Guajardo and her partner, SLMPD Officer Jazmon Garrett, have a job unlike any other member of the force.

While other officers bounce from crime to crime, the two trek up and down a 12-block stretch of Cherokee Street between Nebraska and Lemp Avenues.

The pairs' pretty unique assignment includes shaking hands and bringing smiles to faces of the community members and business owners that call the area home.

"They can just talk to us about anything and feel comfortable and not terrified," said Ofc. Garrett. "Some people have a stigma about police, it feels good that we can break it."

Guajardo and Garrett have been the only regular beat officers paid for solely by the department anywhere in the city since September 2016.

Still, even before then, performing foot beats weren't foreign to them.

"Me and my partner were already doing foot beats before this was even introduced to us," said Guajardo. "We would be out on Grand Avenue, walking the beat, trying to get to know people. So, this was nothing new to us."

Their commitment to community policing comes as issues over staffing shortages continue.

SLMPD's current roster of 1,184 officers is still 100 short of the department's optimal amount.

Yet, the Cherokee Street foot patrols are helping yield results. 

Crime is down over 8 percent collectively in the four neighborhoods that form the Cherokee Business District.

"It's not any cost to us," said Parm Pasta and Sandwich Company owner Diane Maijala. "It's a great addition to Cherokee street and we're happy to have them."

"It's a blueprint for success," said SLMPD District 3 Captain Shawn Dace.

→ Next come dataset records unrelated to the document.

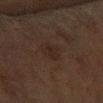Q: Was this lesion biopsied?
A: imaged on a skin check; not biopsied
Q: What are the patient's age and sex?
A: female, in their 50s
Q: How was the tile lit?
A: cross-polarized
Q: Lesion location?
A: the left forearm
Q: Lesion size?
A: ~3 mm (longest diameter)
Q: How was this image acquired?
A: ~15 mm crop, total-body skin-cancer survey
Q: Automated lesion metrics?
A: a shape eccentricity near 0.55
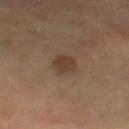Background: The patient is aged around 60. From the right lower leg. The lesion's longest dimension is about 2.5 mm. Captured under cross-polarized illumination. A 15 mm crop from a total-body photograph taken for skin-cancer surveillance. Automated image analysis of the tile measured a footprint of about 5 mm² and a symmetry-axis asymmetry near 0.2.
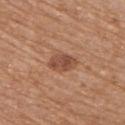biopsy status: no biopsy performed (imaged during a skin exam).
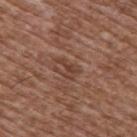Q: Was a biopsy performed?
A: catalogued during a skin exam; not biopsied
Q: What lighting was used for the tile?
A: white-light
Q: Patient demographics?
A: male, aged approximately 75
Q: What is the anatomic site?
A: the upper back
Q: How large is the lesion?
A: ≈3 mm
Q: Automated lesion metrics?
A: an area of roughly 3.5 mm² and an outline eccentricity of about 0.85 (0 = round, 1 = elongated); an automated nevus-likeness rating near 15 out of 100 and a lesion-detection confidence of about 85/100
Q: What is the imaging modality?
A: ~15 mm tile from a whole-body skin photo
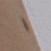Recorded during total-body skin imaging; not selected for excision or biopsy. A female patient, aged 38 to 42. Cropped from a whole-body photographic skin survey; the tile spans about 15 mm. From the right upper arm.
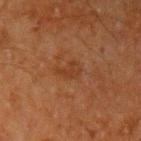Findings:
* follow-up — catalogued during a skin exam; not biopsied
* image — total-body-photography crop, ~15 mm field of view
* illumination — cross-polarized
* diameter — ~3 mm (longest diameter)
* patient — male, aged approximately 60
* anatomic site — the left upper arm
* automated metrics — a lesion area of about 3.5 mm², a shape eccentricity near 0.85, and a symmetry-axis asymmetry near 0.4; border irregularity of about 4.5 on a 0–10 scale, a within-lesion color-variation index near 1/10, and a peripheral color-asymmetry measure near 0.5; an automated nevus-likeness rating near 0 out of 100
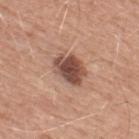{"biopsy_status": "not biopsied; imaged during a skin examination", "automated_metrics": {"cielab_L": 49, "cielab_a": 22, "cielab_b": 26, "vs_skin_darker_L": 15.0, "nevus_likeness_0_100": 50, "lesion_detection_confidence_0_100": 100}, "patient": {"sex": "male", "age_approx": 50}, "lighting": "white-light", "image": {"source": "total-body photography crop", "field_of_view_mm": 15}, "site": "upper back", "lesion_size": {"long_diameter_mm_approx": 4.5}}
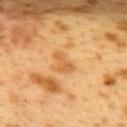Clinical impression:
The lesion was photographed on a routine skin check and not biopsied; there is no pathology result.
Image and clinical context:
The subject is a female aged 38 to 42. From the upper back. A close-up tile cropped from a whole-body skin photograph, about 15 mm across.
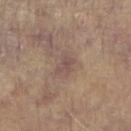{"biopsy_status": "not biopsied; imaged during a skin examination", "site": "right forearm", "image": {"source": "total-body photography crop", "field_of_view_mm": 15}, "patient": {"sex": "male", "age_approx": 60}, "lesion_size": {"long_diameter_mm_approx": 2.5}}
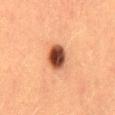biopsy status: imaged on a skin check; not biopsied
tile lighting: cross-polarized illumination
automated lesion analysis: a lesion color around L≈41 a*≈23 b*≈29 in CIELAB, a lesion–skin lightness drop of about 18, and a normalized border contrast of about 13.5; a nevus-likeness score of about 100/100 and a detector confidence of about 100 out of 100 that the crop contains a lesion
size: ~3.5 mm (longest diameter)
subject: female, in their mid- to late 50s
anatomic site: the mid back
imaging modality: total-body-photography crop, ~15 mm field of view
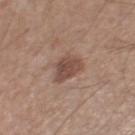<tbp_lesion>
<biopsy_status>not biopsied; imaged during a skin examination</biopsy_status>
<lighting>white-light</lighting>
<automated_metrics>
  <border_irregularity_0_10>3.0</border_irregularity_0_10>
  <peripheral_color_asymmetry>1.0</peripheral_color_asymmetry>
  <lesion_detection_confidence_0_100>100</lesion_detection_confidence_0_100>
</automated_metrics>
<site>right thigh</site>
<image>
  <source>total-body photography crop</source>
  <field_of_view_mm>15</field_of_view_mm>
</image>
<patient>
  <sex>male</sex>
  <age_approx>65</age_approx>
</patient>
<lesion_size>
  <long_diameter_mm_approx>3.5</long_diameter_mm_approx>
</lesion_size>
</tbp_lesion>
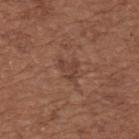Q: Was this lesion biopsied?
A: catalogued during a skin exam; not biopsied
Q: Patient demographics?
A: female, aged 63 to 67
Q: What is the imaging modality?
A: 15 mm crop, total-body photography
Q: Lesion location?
A: the upper back
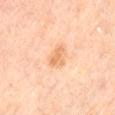The lesion was photographed on a routine skin check and not biopsied; there is no pathology result. Automated tile analysis of the lesion measured a lesion color around L≈71 a*≈22 b*≈40 in CIELAB, about 9 CIELAB-L* units darker than the surrounding skin, and a normalized border contrast of about 6.5. And it measured border irregularity of about 4 on a 0–10 scale, internal color variation of about 2 on a 0–10 scale, and radial color variation of about 0.5. It also reported an automated nevus-likeness rating near 20 out of 100 and a lesion-detection confidence of about 100/100. About 2.5 mm across. The lesion is on the left thigh. This image is a 15 mm lesion crop taken from a total-body photograph. A male subject, roughly 70 years of age.
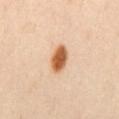No biopsy was performed on this lesion — it was imaged during a full skin examination and was not determined to be concerning. An algorithmic analysis of the crop reported a footprint of about 7 mm², an outline eccentricity of about 0.8 (0 = round, 1 = elongated), and a symmetry-axis asymmetry near 0.1. And it measured a lesion color around L≈61 a*≈23 b*≈39 in CIELAB, roughly 17 lightness units darker than nearby skin, and a normalized lesion–skin contrast near 11.5. The software also gave border irregularity of about 1 on a 0–10 scale, a color-variation rating of about 4/10, and a peripheral color-asymmetry measure near 1. The analysis additionally found a detector confidence of about 100 out of 100 that the crop contains a lesion. The lesion is on the mid back. Imaged with cross-polarized lighting. A female subject in their 40s. A lesion tile, about 15 mm wide, cut from a 3D total-body photograph.
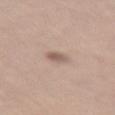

Capt. Dace considers the Cherokee Street foot patrols a potential beginning for something bigger department-wide with an increase in officers.

"This is something that could be tried in other sectors of the city," said Capt. Dace. "They love them down there. I get calls all the time from different folks about how much they appreciate having them down there and please don't take them away from us. So, we're going to keep them down there as long as we can."